Surgery on Lagrangian and Legendrian Singularities

TL;DR

This paper investigates how to simplify singularities of Lagrangian projections via Hamiltonian isotopies, providing new results in low dimensions, contact geometry, and addressing longstanding conjectures in symplectic topology.

Contribution

It offers a method to reduce singularities of Lagrangian projections through Hamiltonian isotopies, with specific results for 2-dimensional cases and extensions to higher dimensions and contact geometry.

Findings

Simplification of singularities in 2D Lagrangian projections

Disproof of Chekanov's conjecture on Lagrangian tori

Resolution of Arnold's question on caustic cusps

Abstract

Let $\pi : E\to M$ be a smooth fiber bundle whose total space is a symplectic manifold and whose fibers are Lagrangian.
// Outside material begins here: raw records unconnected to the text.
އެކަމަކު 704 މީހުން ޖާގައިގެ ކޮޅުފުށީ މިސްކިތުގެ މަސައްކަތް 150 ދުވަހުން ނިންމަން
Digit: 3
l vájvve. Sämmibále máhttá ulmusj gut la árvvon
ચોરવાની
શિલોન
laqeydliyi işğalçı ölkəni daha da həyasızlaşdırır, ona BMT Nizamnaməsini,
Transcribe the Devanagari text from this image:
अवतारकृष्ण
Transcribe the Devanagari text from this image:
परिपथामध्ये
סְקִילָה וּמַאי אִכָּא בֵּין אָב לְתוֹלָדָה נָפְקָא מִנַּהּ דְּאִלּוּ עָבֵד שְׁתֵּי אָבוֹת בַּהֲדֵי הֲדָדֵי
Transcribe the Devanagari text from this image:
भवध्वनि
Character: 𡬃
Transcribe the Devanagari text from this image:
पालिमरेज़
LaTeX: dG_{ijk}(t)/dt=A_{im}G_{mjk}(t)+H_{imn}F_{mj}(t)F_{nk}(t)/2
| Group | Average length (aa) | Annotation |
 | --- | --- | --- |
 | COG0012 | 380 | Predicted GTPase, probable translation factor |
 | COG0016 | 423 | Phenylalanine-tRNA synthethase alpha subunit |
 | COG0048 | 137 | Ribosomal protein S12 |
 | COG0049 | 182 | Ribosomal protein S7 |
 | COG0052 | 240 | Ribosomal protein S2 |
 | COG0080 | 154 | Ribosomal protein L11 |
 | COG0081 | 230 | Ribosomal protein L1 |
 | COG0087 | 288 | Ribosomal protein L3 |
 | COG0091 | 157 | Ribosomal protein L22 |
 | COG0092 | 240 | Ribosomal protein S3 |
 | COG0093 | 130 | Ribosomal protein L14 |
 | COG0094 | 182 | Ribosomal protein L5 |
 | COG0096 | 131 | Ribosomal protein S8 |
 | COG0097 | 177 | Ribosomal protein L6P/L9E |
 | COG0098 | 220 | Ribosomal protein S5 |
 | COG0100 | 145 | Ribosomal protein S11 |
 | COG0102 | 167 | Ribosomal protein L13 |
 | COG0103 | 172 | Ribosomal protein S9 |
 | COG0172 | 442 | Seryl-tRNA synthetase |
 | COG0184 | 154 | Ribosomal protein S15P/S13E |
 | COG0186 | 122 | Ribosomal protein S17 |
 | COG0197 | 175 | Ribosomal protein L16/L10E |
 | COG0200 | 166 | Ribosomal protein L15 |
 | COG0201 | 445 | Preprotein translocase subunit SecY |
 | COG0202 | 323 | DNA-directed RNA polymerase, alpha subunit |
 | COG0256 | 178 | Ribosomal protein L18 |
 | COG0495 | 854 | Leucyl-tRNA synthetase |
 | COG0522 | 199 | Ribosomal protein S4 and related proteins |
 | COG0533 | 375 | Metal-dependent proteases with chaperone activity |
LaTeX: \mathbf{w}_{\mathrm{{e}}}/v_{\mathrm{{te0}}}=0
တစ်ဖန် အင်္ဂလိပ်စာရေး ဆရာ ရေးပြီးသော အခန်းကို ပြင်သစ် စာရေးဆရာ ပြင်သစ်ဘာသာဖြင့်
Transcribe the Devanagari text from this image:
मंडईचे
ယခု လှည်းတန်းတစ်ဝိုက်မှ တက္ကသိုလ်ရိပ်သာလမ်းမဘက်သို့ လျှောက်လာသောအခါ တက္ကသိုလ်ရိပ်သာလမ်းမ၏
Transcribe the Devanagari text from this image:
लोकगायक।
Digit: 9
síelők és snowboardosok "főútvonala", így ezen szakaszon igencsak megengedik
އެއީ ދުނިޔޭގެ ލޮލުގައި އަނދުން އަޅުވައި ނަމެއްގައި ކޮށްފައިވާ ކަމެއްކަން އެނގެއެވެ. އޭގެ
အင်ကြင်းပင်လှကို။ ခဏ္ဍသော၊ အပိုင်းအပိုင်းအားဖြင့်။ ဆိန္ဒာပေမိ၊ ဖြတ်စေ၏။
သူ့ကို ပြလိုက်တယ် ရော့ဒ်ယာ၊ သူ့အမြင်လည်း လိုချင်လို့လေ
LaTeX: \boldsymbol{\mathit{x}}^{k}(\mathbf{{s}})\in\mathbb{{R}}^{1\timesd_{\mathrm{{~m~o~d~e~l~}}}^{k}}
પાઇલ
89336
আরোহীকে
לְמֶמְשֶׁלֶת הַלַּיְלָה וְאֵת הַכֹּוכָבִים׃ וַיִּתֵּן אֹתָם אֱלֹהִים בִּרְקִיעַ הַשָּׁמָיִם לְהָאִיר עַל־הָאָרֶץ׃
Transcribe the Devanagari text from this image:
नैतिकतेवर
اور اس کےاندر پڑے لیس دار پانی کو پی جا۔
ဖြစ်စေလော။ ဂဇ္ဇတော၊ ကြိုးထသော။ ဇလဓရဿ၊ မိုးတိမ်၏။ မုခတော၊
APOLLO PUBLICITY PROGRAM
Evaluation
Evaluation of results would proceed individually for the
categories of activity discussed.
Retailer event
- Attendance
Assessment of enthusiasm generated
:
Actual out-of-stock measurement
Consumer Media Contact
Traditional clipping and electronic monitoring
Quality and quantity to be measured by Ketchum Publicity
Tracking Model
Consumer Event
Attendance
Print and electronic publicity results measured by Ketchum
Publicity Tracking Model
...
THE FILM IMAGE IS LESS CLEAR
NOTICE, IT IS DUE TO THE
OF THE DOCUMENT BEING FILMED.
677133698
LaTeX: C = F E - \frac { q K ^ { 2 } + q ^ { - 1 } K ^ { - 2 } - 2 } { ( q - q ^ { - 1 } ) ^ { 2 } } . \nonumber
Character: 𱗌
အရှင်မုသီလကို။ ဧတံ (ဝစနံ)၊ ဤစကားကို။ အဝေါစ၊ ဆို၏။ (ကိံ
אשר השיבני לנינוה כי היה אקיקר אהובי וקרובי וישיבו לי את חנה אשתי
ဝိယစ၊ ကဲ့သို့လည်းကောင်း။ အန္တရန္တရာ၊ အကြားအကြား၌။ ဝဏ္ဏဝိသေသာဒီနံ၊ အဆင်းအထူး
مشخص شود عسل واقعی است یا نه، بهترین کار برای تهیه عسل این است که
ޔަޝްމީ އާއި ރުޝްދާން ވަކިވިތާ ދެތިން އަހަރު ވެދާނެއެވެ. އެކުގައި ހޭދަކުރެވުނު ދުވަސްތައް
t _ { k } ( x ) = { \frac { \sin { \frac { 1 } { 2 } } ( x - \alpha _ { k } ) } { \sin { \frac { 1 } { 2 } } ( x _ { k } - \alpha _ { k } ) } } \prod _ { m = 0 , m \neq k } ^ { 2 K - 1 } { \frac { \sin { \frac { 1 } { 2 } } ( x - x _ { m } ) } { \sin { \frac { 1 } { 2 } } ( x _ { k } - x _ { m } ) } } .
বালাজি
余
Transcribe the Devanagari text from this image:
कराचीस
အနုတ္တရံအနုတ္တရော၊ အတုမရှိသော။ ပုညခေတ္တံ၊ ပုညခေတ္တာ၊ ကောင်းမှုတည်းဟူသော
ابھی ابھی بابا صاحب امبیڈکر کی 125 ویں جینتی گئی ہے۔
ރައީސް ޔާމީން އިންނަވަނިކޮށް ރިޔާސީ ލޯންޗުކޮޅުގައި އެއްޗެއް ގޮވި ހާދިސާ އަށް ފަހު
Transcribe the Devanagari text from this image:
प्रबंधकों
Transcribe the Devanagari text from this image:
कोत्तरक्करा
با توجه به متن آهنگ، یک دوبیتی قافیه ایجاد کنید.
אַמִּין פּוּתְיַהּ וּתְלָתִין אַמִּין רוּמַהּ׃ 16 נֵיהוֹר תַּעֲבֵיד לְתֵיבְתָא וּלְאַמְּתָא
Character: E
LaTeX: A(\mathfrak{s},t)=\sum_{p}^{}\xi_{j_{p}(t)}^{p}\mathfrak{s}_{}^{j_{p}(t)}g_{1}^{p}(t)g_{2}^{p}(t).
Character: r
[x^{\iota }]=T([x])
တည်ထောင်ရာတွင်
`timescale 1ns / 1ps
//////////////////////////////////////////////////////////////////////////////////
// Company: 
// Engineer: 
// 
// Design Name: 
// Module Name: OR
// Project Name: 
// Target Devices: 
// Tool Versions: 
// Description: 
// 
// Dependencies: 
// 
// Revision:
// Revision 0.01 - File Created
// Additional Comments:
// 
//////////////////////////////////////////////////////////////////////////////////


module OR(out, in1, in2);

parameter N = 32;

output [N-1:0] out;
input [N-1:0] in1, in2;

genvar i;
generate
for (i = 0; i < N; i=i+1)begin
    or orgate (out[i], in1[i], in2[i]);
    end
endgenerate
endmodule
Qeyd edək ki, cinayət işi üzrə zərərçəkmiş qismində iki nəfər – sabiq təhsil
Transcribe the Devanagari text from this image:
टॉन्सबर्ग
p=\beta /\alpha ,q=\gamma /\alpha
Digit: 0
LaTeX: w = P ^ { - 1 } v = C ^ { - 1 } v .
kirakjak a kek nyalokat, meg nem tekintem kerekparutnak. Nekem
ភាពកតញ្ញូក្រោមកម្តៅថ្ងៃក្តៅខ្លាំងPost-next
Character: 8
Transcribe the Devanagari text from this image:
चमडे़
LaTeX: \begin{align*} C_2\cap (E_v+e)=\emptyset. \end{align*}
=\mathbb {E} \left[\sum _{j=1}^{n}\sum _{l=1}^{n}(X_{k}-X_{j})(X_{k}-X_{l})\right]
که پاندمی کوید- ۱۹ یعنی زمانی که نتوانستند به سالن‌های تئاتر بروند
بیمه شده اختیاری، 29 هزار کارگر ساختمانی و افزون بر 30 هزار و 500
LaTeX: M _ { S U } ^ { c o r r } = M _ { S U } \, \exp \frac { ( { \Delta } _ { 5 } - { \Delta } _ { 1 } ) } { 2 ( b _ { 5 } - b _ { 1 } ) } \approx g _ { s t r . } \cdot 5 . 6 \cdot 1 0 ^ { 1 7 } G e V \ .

Let $L$ be an embedded Lagrangian submanifold of $E$. In the paper we address the following question: how can one simplify the singularities of the projection $\pi: L \to M$ by a Hamiltonian isotopy of $L$ inside $E$? We give an answer in the case when $dim L = 2$ and both $L$ and $M$ are orientable. A weaker version of the result is proved in the higher-dimensional case. Similar results hold in the contact category. As a corollary one gets an answer to one of the questions of V.Arnold about the four cusps on the caustic in the case of the Lagrangian collapse. As another corollary we disprove Y.Chekanov's conjecture about singularities of the Lagrangian projection of certain Lagrangian tori in $R^4$.